DIRECTIONS FOR THIS TASK: Could the entries below be transcribed word for word, with the pictures omitted?

TASK MATERIAL:
══════════

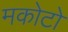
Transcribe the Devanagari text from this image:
मकोटो
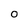
Character: 0
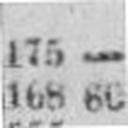
168 60
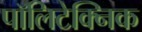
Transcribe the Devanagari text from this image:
पॉलिटेक्‍निक
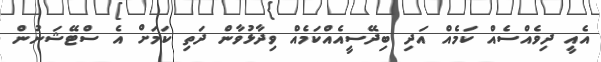
އެއީ ދިވެއްސެއް ކަމެއް އަދި ބިދޭސީއެއްކަމެއް ވިދާޅުވާން ދަތި ކަމަށް އެ ސްޓޭޝަނުން
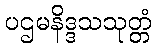
ပဌမနိဒ္ဒသသုတ္တံ
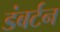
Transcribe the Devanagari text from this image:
डंबर्टन
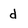
Character: d
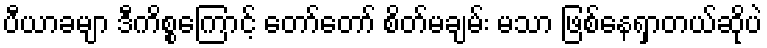
ပီယာခမျာ ဒီကိစ္စကြောင့် တော်တော် စိတ်မချမ်း မသာ ဖြစ်နေရှာတယ်ဆိုပဲ
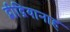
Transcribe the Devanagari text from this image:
द्बीद्रियानाह
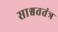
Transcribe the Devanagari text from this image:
साश्वततंत्र
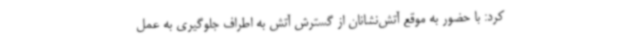
کرد: با حضور به موقع آتش‌نشانان از گسترش آتش به اطراف جلوگیری به عمل
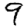
Digit: 9
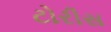
ટોરીસ
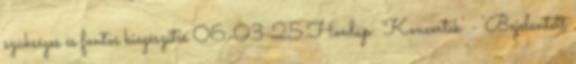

══════════

OUTPUT OF THE EXERCISE:
Transcribe the Devanagari text from this image:
मकोटो
Character: 0
168 60
Transcribe the Devanagari text from this image:
पॉलिटेक्‍निक
އެއީ ދިވެއްސެއް ކަމެއް އަދި ބިދޭސީއެއްކަމެއް ވިދާޅުވާން ދަތި ކަމަށް އެ ސްޓޭޝަނުން
ပဌမနိဒ္ဒသသုတ္တံ
Transcribe the Devanagari text from this image:
डंबर्टन
Character: d
ပီယာခမျာ ဒီကိစ္စကြောင့် တော်တော် စိတ်မချမ်း မသာ ဖြစ်နေရှာတယ်ဆိုပဲ
Transcribe the Devanagari text from this image:
द्बीद्रियानाह
Transcribe the Devanagari text from this image:
साश्वततंत्र
کرد: با حضور به موقع آتش‌نشانان از گسترش آتش به اطراف جلوگیری به عمل
Digit: 9
ટોરીસ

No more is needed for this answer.